In statistics, an important quantity to measure is the linear dependence between \(X_{1}\) and \(X_{2}\). For this, we can use the covariance or the correlation.
Let \(X = (X_{1}, X_{2})\) be a random vector such that the expectation of the square of \(X_{1}\) and \(X_{2}\) exists. The covariance between \(X_{1}\) and \(X_{2}\) is given by \[\mathrm{Cov}(X_{1}, X_{2}) = \mathbb{E}\left[ (X_{1} - \mathbb{E}(X_{1})) (X_{2} - \mathbb{E}(X_{2}))\right].\]
The correlation between \(X_{1}\) and \(X_{2}\) is a version of the covariance normalized by the standard deviation of the random variables. It is given by \[\mathrm{Corr}(X_{1}, X_{2}) = \frac{\mathrm{Cov}(X_{1}, X_{2})}{\sigma(X_{1}) \sigma(X_{2})}.\]
The sign of the covariance and correlation can be interpreted. If they are strictly positive, \(X_{1}\) and \(X_{2}\) tend to move in the same direction. If \(X_{1}\) increases, then \(X_{2}\) also increases, and vice versa.

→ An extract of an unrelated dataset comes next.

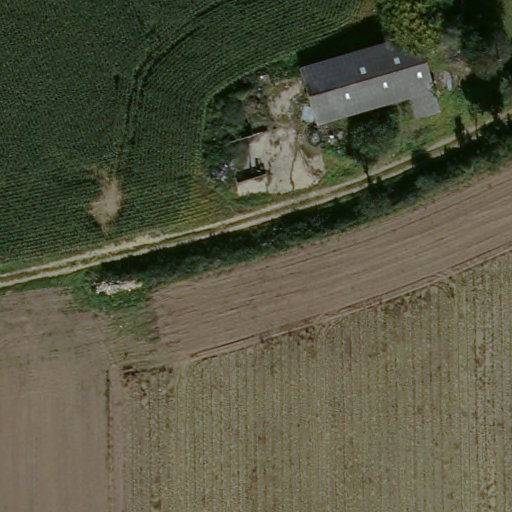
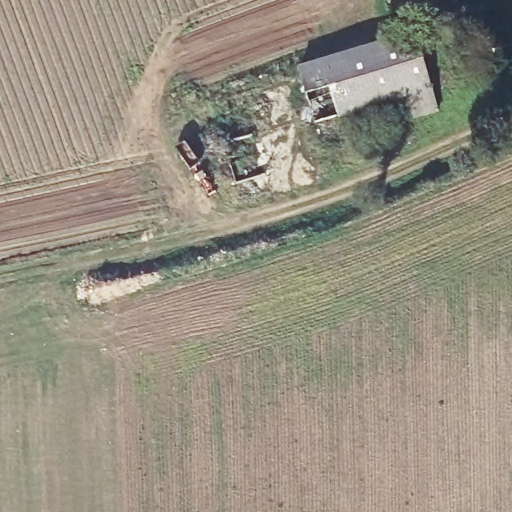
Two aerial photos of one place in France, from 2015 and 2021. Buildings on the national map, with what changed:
unchanged [(407,119),(399,98),(309,128),(290,77),(401,39),(419,32),(426,53),(409,59),(429,111),(407,119)]

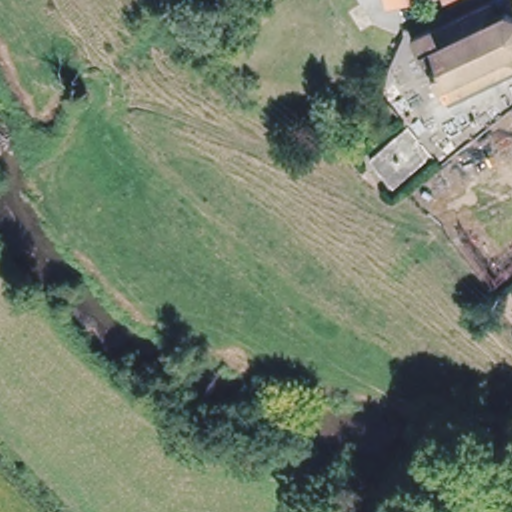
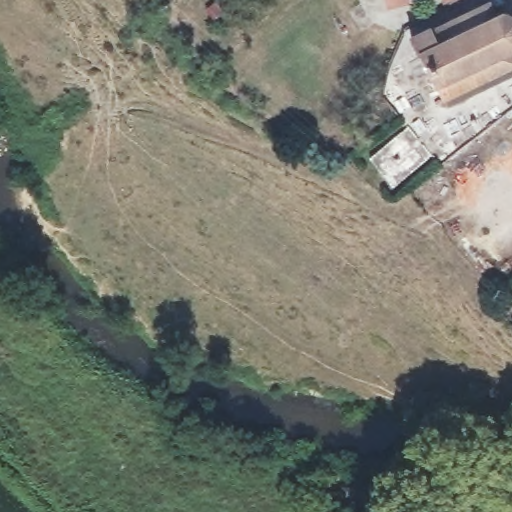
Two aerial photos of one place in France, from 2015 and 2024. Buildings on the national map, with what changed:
unchanged [(388,0),(410,0),(390,8),(388,0)]
unchanged [(495,0),(500,14),(512,6),(512,64),(450,95),(420,38),(495,0)]

If they are strictly negative, \(X_{1}\) and \(X_{2}\) tend to move in opposite directions. If \(X_{1}\) increases, then \(X_{2}\) decreases, and vice versa. If the covariance is equal to \(0\), there are no rules and \(X_{1}\) and \(X_{2}\) are said to be orthogonal.
Let \(X = (X_{1}, X_{2})\) be a random vector. We have
\(\mathrm{Cov}(X_{1}, X_{2}) = \mathbb{E}(X_{1}X_{2}) - \mathbb{E}(X_{1})\mathbb{E}(X_{2})\);
\(\mathrm{Cov}(X_{1}, X_{2}) = \mathrm{Cov}(X_{2}, X_{1})\);
\(\mathrm{Cov}(X_{1} + \lambda Y_{1}, X_{2}) = \mathrm{Cov}(X_{1}, X_{2}) + \lambda \mathrm{Cov}(Y_{1}, X_{2})\).

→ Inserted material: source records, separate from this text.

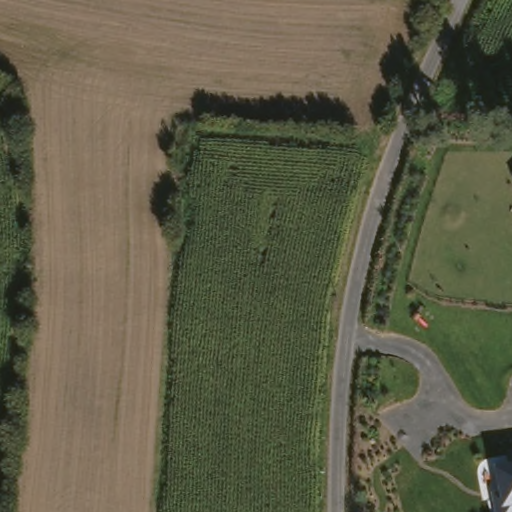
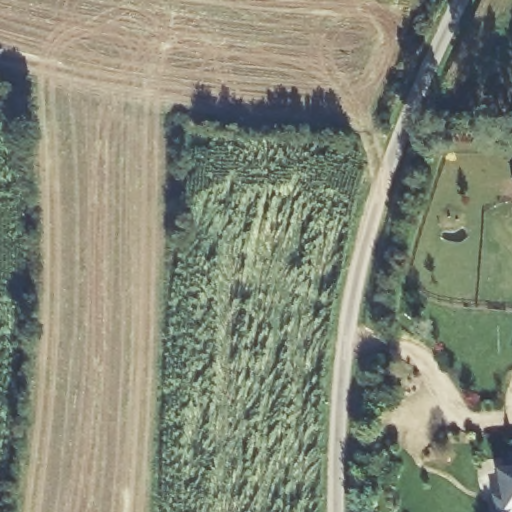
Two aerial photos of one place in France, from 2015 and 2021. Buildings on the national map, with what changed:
unchanged [(512,512),(493,512),(491,502),(499,501),(495,470),(508,468),(506,453),(512,452),(512,512)]

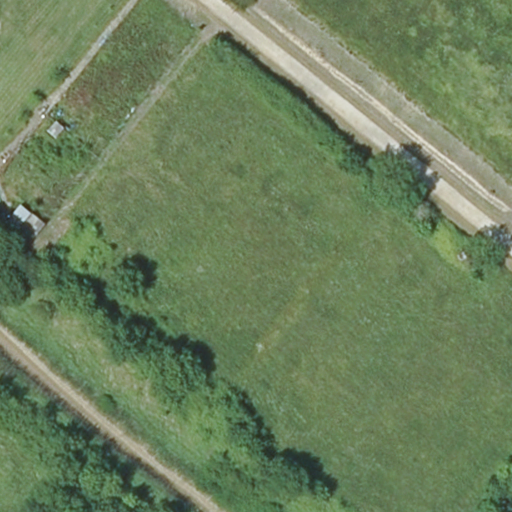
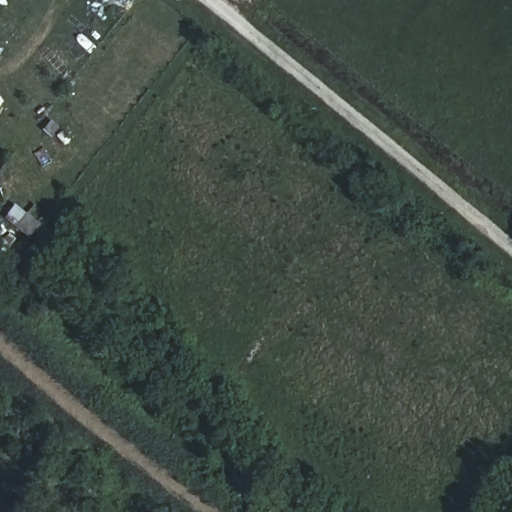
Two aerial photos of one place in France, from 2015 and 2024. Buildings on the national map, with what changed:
unchanged [(35,240),(9,219),(20,204),(45,224),(35,240)]

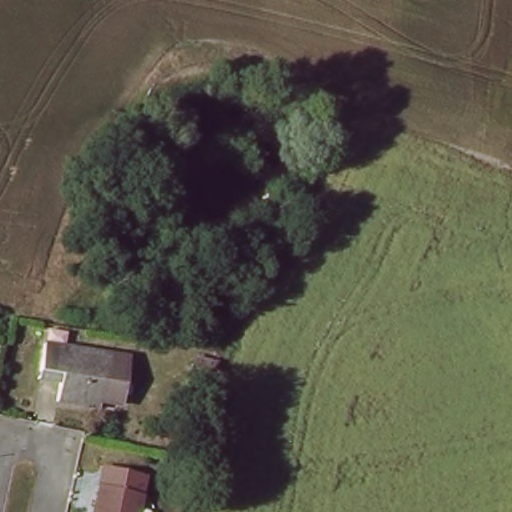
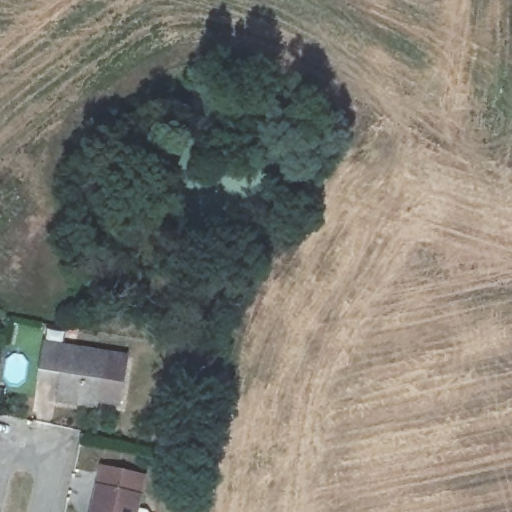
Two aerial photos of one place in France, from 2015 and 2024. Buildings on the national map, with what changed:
unchanged [(131,358),(123,407),(99,403),(97,409),(53,401),(58,375),(33,371),(39,342),(131,358)]
unchanged [(133,505),(148,508),(147,512),(87,512),(93,484),(136,493),(133,505)]

We find the result by expanding the product in the definition of the covariance.
Using point 1. and the commutativity of multiplication.

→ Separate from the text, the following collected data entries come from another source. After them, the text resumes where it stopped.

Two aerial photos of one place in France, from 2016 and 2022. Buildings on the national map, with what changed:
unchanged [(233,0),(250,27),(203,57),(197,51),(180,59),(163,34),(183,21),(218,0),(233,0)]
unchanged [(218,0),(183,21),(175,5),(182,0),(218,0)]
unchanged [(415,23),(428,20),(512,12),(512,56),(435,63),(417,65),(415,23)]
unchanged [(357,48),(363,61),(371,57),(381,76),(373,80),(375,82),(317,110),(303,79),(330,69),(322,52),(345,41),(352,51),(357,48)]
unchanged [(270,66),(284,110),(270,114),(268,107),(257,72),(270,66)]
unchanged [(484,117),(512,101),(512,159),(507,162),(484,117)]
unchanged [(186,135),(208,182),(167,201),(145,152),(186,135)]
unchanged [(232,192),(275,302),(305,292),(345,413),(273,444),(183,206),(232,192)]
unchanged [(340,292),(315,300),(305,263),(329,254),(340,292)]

Using point 1. and the linearity of expectation.
Estimation
In practice, we do not have perfect knowledge of our random vectors, but only some of their realizations (called samples). Let \(x_{1}, \dots, x_{n}\) be \(n\) independent realizations of a random vector \(X\) with mean \(\mu\) and variance \(\Sigma\).
The estimator of the mean \(\mu\) is given by \[\widehat{\mu} = \overline{X} \coloneqq \frac{1}{n} \sum_{i = 1}^{n} x_i.\]
The estimator of the variance \(\Sigma\) is given by \[\widehat{\Sigma} \coloneqq \frac{1}{n - 1}\sum_{i = 1}^{n} (x_i - \widehat{\mu})(x_i - \widehat{\mu})^\top.\]
Why do we divide this sum by \(n -1\) and not by \(n\) to estimate the variance? If we divide by \(n\), \(\widehat{\Sigma}\) is a biased estimator of the variance. Indeed, we must take into account that we are using a biased estimator of the mean in the variance estimator and therefore correct for this estimate.
Let \(D = \{\text{diag}(\widehat{\Sigma})\}^{1/2}\) be the matrix of standard deviations calculated on the sample. We can estimate the correlation matrix on the sample by \[\widehat{R} = D^{-1} \widehat{\Sigma} D^{-1}.\]
References
Delmas, Jean-François. 2013. Introduction au calcul des probabilités et à la statistique : exercices, problèmes et corrections (2e édition). Les Presses de l’ENSTA.
Wasserman, Larry. 2010. All of Statistics: A Concise Course in Statistical Inference. Springer Publishing Company, Incorporated.